Determine whether the series converges or diverges?

Allrighty! Remember k!= k* k-1 * k-2 * ... * 3*2*1

ex: 5! = 5*4*3*2*1

Now look at (k+2)! = k+2 * k+1 * k * k-1* ... * 2*1

Now consider k+2 * k+1 * [k * k-1 * k-2 * ... 2*1]

Does the quantity inside the [ ] look similar to the top line?

You can now rewrite it as k+2 * k+1 * k!

Ex: 7! = 7*6*5*4*3*2*1 and 7=5+2 so

(5+2)! = (5+2)*(5+1) * 5*4*3*2*1 and just like the second line we know 5!=5*4*3*2*1 so

7! = (5+2)! = (5+2)*(5+1)*5!

Now for your series

look at the part k! / (k+2)! we now know k! / [(k+2) * (k+1) * k!] and we can cancel the k!.

Thus your series simplifies to (2^k) / [(k+2)(k+1)] from k = 1 to inf.

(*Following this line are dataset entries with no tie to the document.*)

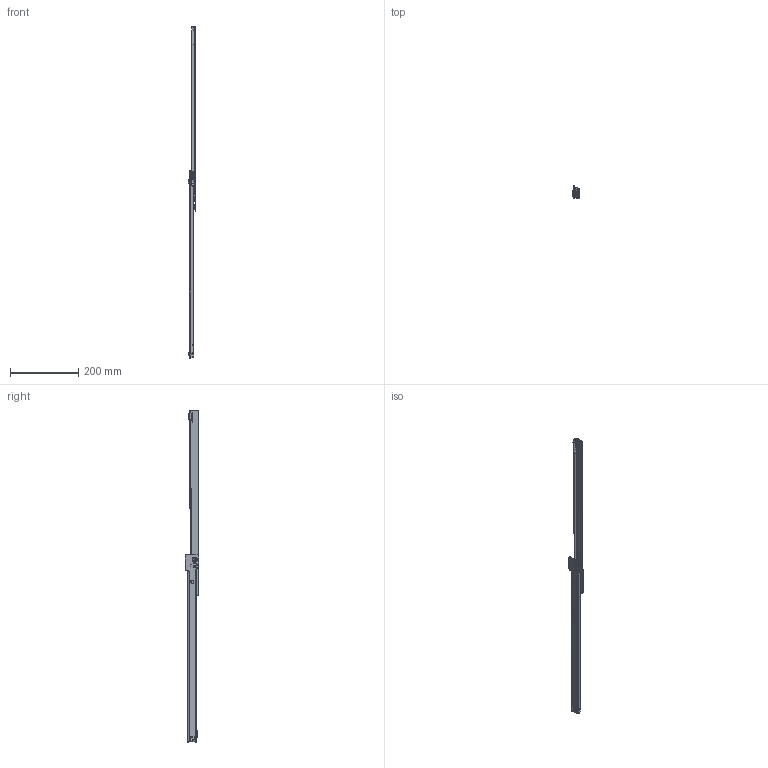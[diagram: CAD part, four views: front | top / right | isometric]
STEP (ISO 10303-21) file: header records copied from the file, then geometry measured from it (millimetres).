
FILE_DESCRIPTION (( 'STEP AP214' ), '1' );
FILE_NAME ('CS# 1052.550-GA.L032.li_open.STEP', '2023-03-10T14:46:25', ( '' ), ( '' ), 'SwSTEP 2.0', 'SolidWorks 2020', '' );
FILE_SCHEMA (( 'AUTOMOTIVE_DESIGN' ));
Length unit declared in the file: millimetre
Products named in the file (10): KR-090 Softrollenring_KR-090; CS# 2052.XXX-01.L032.li_NL 550; bkr099_Rundkopfvernietet Mat. 2mm; CS# 1052.XXX-03.OASB.li_NL 550; KR-090 Laufring_KR-090; CS# 1052.550-GA.L032.li_open; KR-099 Softrolle_KR-099 Rundkopfvernietet Mat. 2mm; DIN 125 A_M  4    - › 9,0 - ›4,3 - 0,8
Assembly tree (10 placements, depth 4):
  CS# 1052.550-GA.L032.li_open
    CS# 2052.XXX-01.L032.li_NL 550
      CS# 2052.XXX-01.L032.li_NL 550
      KR-099 Softrolle_KR-099 Rundkopfvernietet Mat. 2mm
        KR-090 Laufring_KR-090
        KR-090 Softrollenring_KR-090
        bkr099_Rundkopfvernietet Mat. 2mm
        DIN 125 A_M  4    - › 9,0 - ›4,3 - 0,8
    CS# 1052.XXX-03.OASB.li_NL 550
      CS# 1052.XXX-03.OASB.li_NL 550
      KR-099 Softrolle_KR-099 Rundkopfvernietet Mat. 2mm
        KR-090 Laufring_KR-090
        KR-090 Softrollenring_KR-090
        bkr099_Rundkopfvernietet Mat. 2mm
        DIN 125 A_M  4    - › 9,0 - ›4,3 - 0,8
Bounding box: 21.92 x 40.83 x 974.08 mm (x, y, z)
Volume: 88507.6 mm3; surface area: 95420.6 mm2
Topology: 10 solids, 10 shells, 1130 faces, 2953 edges, 1901 vertices
Faces by surface type: plane 599, cylinder 224, bspline 161, cone 86, torus 52, sphere 8
Entity records: 51323 total; most frequent: CARTESIAN_POINT 21319, ORIENTED_EDGE 5314, DIRECTION 4329, EDGE_CURVE 2657, VERTEX_POINT 1718, LINE 1553, VECTOR 1553, AXIS2_PLACEMENT_3D 1388
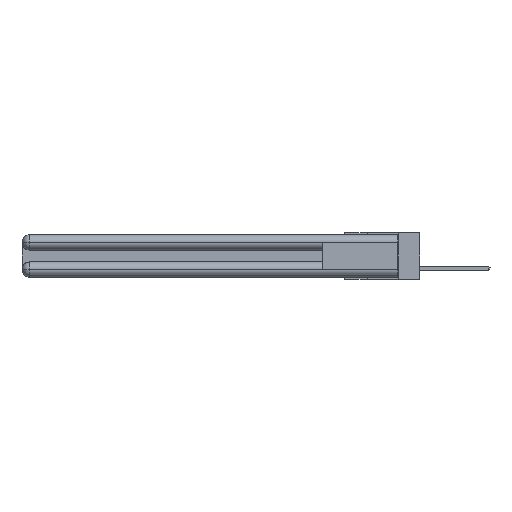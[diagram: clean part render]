
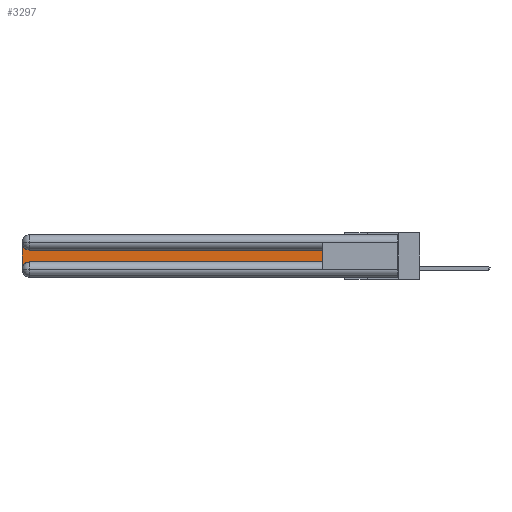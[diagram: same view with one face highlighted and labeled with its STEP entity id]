
A CAD part, left-side view. The second image highlights one B-rep face of the part: STEP entity #3297.
In plain terms, the highlighted planar face has unit normal (-1, 0, 0).
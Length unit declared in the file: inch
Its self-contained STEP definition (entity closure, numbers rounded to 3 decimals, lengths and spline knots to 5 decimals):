
#108 = VERTEX_POINT ( 'NONE', #27161 ) ;
#669 = ORIENTED_EDGE ( 'NONE', *, *, #18803, .T. ) ;
#1102 = CARTESIAN_POINT ( 'NONE',  ( 0.075, 3., -0.2775 ) ) ;
#1694 = ORIENTED_EDGE ( 'NONE', *, *, #26255, .T. ) ;
#3297 = ADVANCED_FACE ( 'NONE', ( #19894 ), #15456, .F. ) ;
#4634 = VERTEX_POINT ( 'NONE', #20013 ) ;
#4637 = VERTEX_POINT ( 'NONE', #12971 ) ;
#4838 = CARTESIAN_POINT ( 'NONE',  ( 0.075, 3., -0.2175 ) ) ;
#5434 = LINE ( 'NONE', #7959, #23361 ) ;
#6180 = DIRECTION ( 'NONE',  ( 1., 0., 0. ) ) ;
#6384 = DIRECTION ( 'NONE',  ( 0., 0., -1. ) ) ;
#6654 = CARTESIAN_POINT ( 'NONE',  ( 0.075, 2.94, -0.0625 ) ) ;
#6668 = ORIENTED_EDGE ( 'NONE', *, *, #22429, .T. ) ;
#6761 = DIRECTION ( 'NONE',  ( 0., 0., -1. ) ) ;
#7151 = VERTEX_POINT ( 'NONE', #12317 ) ;
#7394 = LINE ( 'NONE', #28316, #8500 ) ;
#7959 = CARTESIAN_POINT ( 'NONE',  ( 0.075, 0.6, -0.2175 ) ) ;
#8500 = VECTOR ( 'NONE', #21451, 39.37008 ) ;
#8692 = ORIENTED_EDGE ( 'NONE', *, *, #9006, .T. ) ;
#8873 = CIRCLE ( 'NONE', #22399, 0.06 ) ;
#9006 = EDGE_CURVE ( 'NONE', #12946, #26367, #29945, .T. ) ;
#10656 = DIRECTION ( 'NONE',  ( 1., 0., 0. ) ) ;
#12317 = CARTESIAN_POINT ( 'NONE',  ( 0.075, 2.94, -0.2175 ) ) ;
#12946 = VERTEX_POINT ( 'NONE', #26471 ) ;
#12960 = EDGE_CURVE ( 'NONE', #26367, #7151, #17589, .T. ) ;
#12971 = CARTESIAN_POINT ( 'NONE',  ( 0.075, 2.94, -0.1225 ) ) ;
#14378 = DIRECTION ( 'NONE',  ( 0., 0., -1. ) ) ;
#15456 = PLANE ( 'NONE',  #28103 ) ;
#15745 = CARTESIAN_POINT ( 'NONE',  ( 0.075, 2.94, -0.2775 ) ) ;
#17537 = VECTOR ( 'NONE', #14378, 39.37008 ) ;
#17589 = CIRCLE ( 'NONE', #20697, 0.06 ) ;
#18429 = DIRECTION ( 'NONE',  ( 0., 1., 0. ) ) ;
#18803 = EDGE_CURVE ( 'NONE', #7151, #4634, #5434, .T. ) ;
#19894 = FACE_OUTER_BOUND ( 'NONE', #27403, .T. ) ;
#20013 = CARTESIAN_POINT ( 'NONE',  ( 0.075, 0.6, -0.2175 ) ) ;
#20697 = AXIS2_PLACEMENT_3D ( 'NONE', #15745, #6180, #6384 ) ;
#21451 = DIRECTION ( 'NONE',  ( 0., 0., 1. ) ) ;
#21647 = ORIENTED_EDGE ( 'NONE', *, *, #24202, .T. ) ;
#22399 = AXIS2_PLACEMENT_3D ( 'NONE', #6654, #23060, #6761 ) ;
#22429 = EDGE_CURVE ( 'NONE', #4637, #12946, #8873, .T. ) ;
#23060 = DIRECTION ( 'NONE',  ( 1., 0., 0. ) ) ;
#23361 = VECTOR ( 'NONE', #24140, 39.37008 ) ;
#23969 = VECTOR ( 'NONE', #18429, 39.37008 ) ;
#24140 = DIRECTION ( 'NONE',  ( 0., -1., 0. ) ) ;
#24202 = EDGE_CURVE ( 'NONE', #108, #4637, #26155, .T. ) ;
#24451 = CARTESIAN_POINT ( 'NONE',  ( 0.075, 3., -0.1225 ) ) ;
#25367 = CARTESIAN_POINT ( 'NONE',  ( 0.075, 0.6, -0.1225 ) ) ;
#26155 = LINE ( 'NONE', #25367, #23969 ) ;
#26255 = EDGE_CURVE ( 'NONE', #4634, #108, #7394, .T. ) ;
#26367 = VERTEX_POINT ( 'NONE', #1102 ) ;
#26471 = CARTESIAN_POINT ( 'NONE',  ( 0.075, 3., -0.0625 ) ) ;
#26647 = ORIENTED_EDGE ( 'NONE', *, *, #12960, .T. ) ;
#26797 = DIRECTION ( 'NONE',  ( 0., 0., -1. ) ) ;
#27161 = CARTESIAN_POINT ( 'NONE',  ( 0.075, 0.6, -0.1225 ) ) ;
#27403 = EDGE_LOOP ( 'NONE', ( #21647, #6668, #8692, #26647, #669, #1694 ) ) ;
#28103 = AXIS2_PLACEMENT_3D ( 'NONE', #24451, #10656, #26797 ) ;
#28316 = CARTESIAN_POINT ( 'NONE',  ( 0.075, 0.6, -0.2175 ) ) ;
#29945 = LINE ( 'NONE', #4838, #17537 ) ;
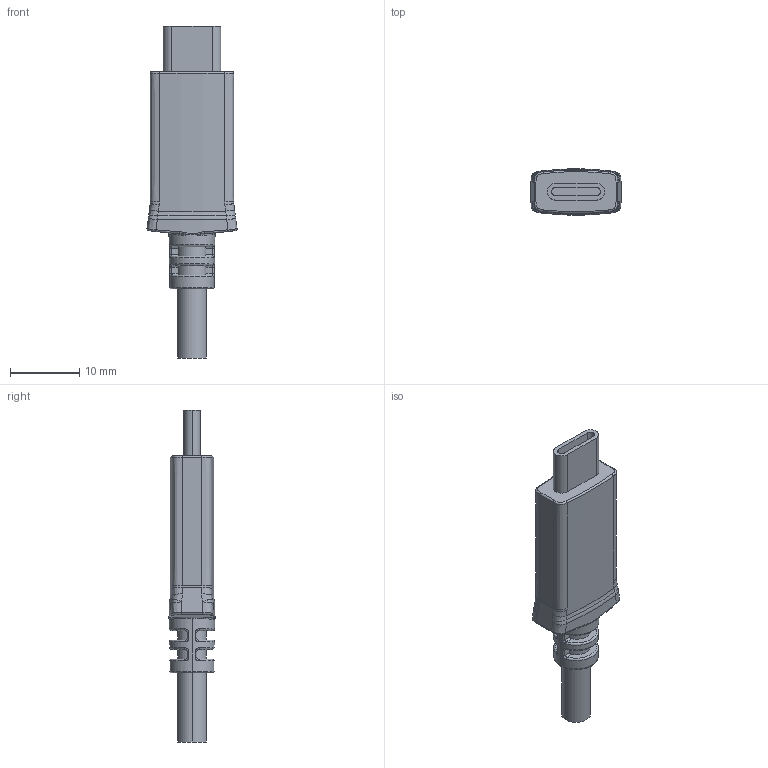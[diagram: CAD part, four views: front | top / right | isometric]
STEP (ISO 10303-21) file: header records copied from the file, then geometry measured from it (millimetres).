
FILE_DESCRIPTION (( 'STEP AP214' ), '1' );
FILE_NAME ('USB Type-C Plug -1.STEP', '2015-04-13T21:43:32', ( '' ), ( '' ), 'SwSTEP 2.0', 'SolidWorks 2014', '' );
FILE_SCHEMA (( 'AUTOMOTIVE_DESIGN' ));
Length unit declared in the file: millimetre
Products named in the file (1): USB Type-C Plug -1
Bounding box: 13.04 x 6.7 x 48.1 mm (x, y, z)
Volume: 2136.4 mm3; surface area: 1559.4 mm2
Topology: 3 solids, 3 shells, 158 faces, 366 edges, 218 vertices
Faces by surface type: bspline 70, cylinder 40, plane 30, torus 16, cone 2
Entity records: 6436 total; most frequent: CARTESIAN_POINT 3128, ORIENTED_EDGE 732, DIRECTION 452, EDGE_CURVE 366, VERTEX_POINT 218, AXIS2_PLACEMENT_3D 189, B_SPLINE_CURVE_WITH_KNOTS 168, EDGE_LOOP 164
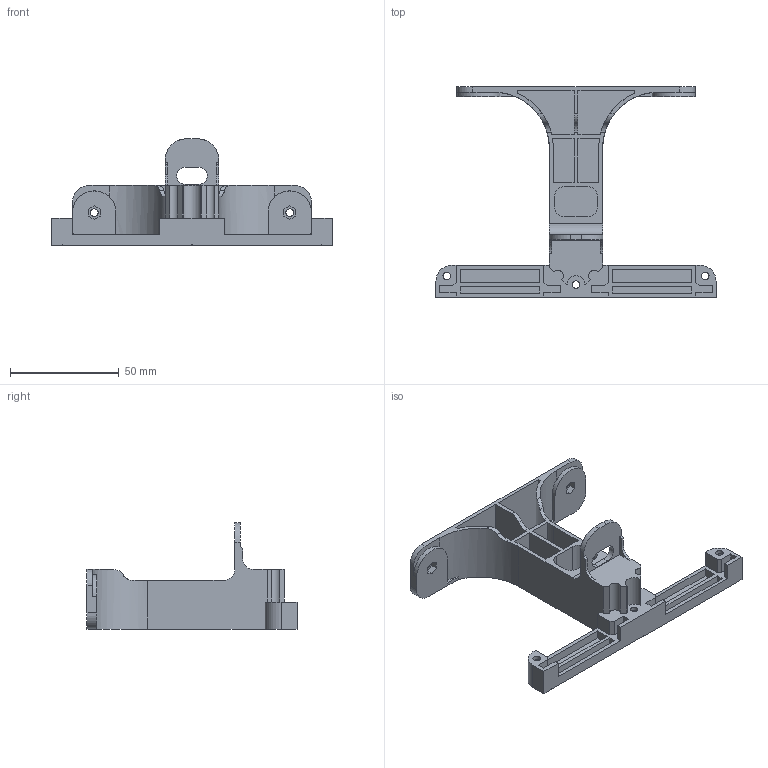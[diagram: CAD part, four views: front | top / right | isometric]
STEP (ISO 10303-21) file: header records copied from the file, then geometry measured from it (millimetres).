
FILE_DESCRIPTION(('FreeCAD Model'),'2;1');
FILE_NAME('Open CASCADE Shape Model','2025-08-12T21:55:50',('FreeCAD'),( 'FreeCAD'),'Open CASCADE STEP processor 7.8','FreeCAD','Unknown');
FILE_SCHEMA(('AUTOMOTIVE_DESIGN { 1 0 10303 214 1 1 1 1 }'));
Length unit declared in the file: millimetre
Products named in the file (1): Open CASCADE STEP translator 7.8 13
Bounding box: 129 x 96.7 x 49 mm (x, y, z)
Volume: 38085.7 mm3; surface area: 35765.8 mm2
Topology: 1 solids, 3 shells, 270 faces, 760 edges, 505 vertices
Faces by surface type: plane 200, cylinder 46, extrusion 24
Full cylindrical faces by diameter (mm): 3.5 x5, 6.25 x3
Entity records: 8882 total; most frequent: CARTESIAN_POINT 1848, ORIENTED_EDGE 1520, DIRECTION 1354, EDGE_CURVE 760, VECTOR 588, LINE 564, VERTEX_POINT 505, AXIS2_PLACEMENT_3D 383

Simplification of a factorial is very simple. Consider n!:

n! = (n)(n-1)(n-2)...(1)

in the same way, (k+2)! = (k+2)(k+1)(k)(k-1)...(1).

Ignoring the first two binomials, take (k)(k-1)...(1)... what does that look like?

k(k-1)...(1) = k!

So, that bottom term becomes (k+2)(k+1)k!.

The k! cancels out on both numerator and denominator. This leaves you with a good bit simpler expression:

(2^k) / (k+2)(k+1)

This should be easier to work with.

Well, k!=k*(k-1)*(k-2)*......3*2*1 and (k+2)!=(k+2)*(k+1)*k*(k-1)*......*3*2*1=(k+2)*(k+1)*k!

So, we may cancel out the k! on the top, and that leaves the bottom with (k+2)*(k+1).

This makes the series (2^k)/((k+1)*(k+2)), which you can presumely test on now.

Alternatively, you could have just applied the ratio test to the original puppy that had the factorials and all.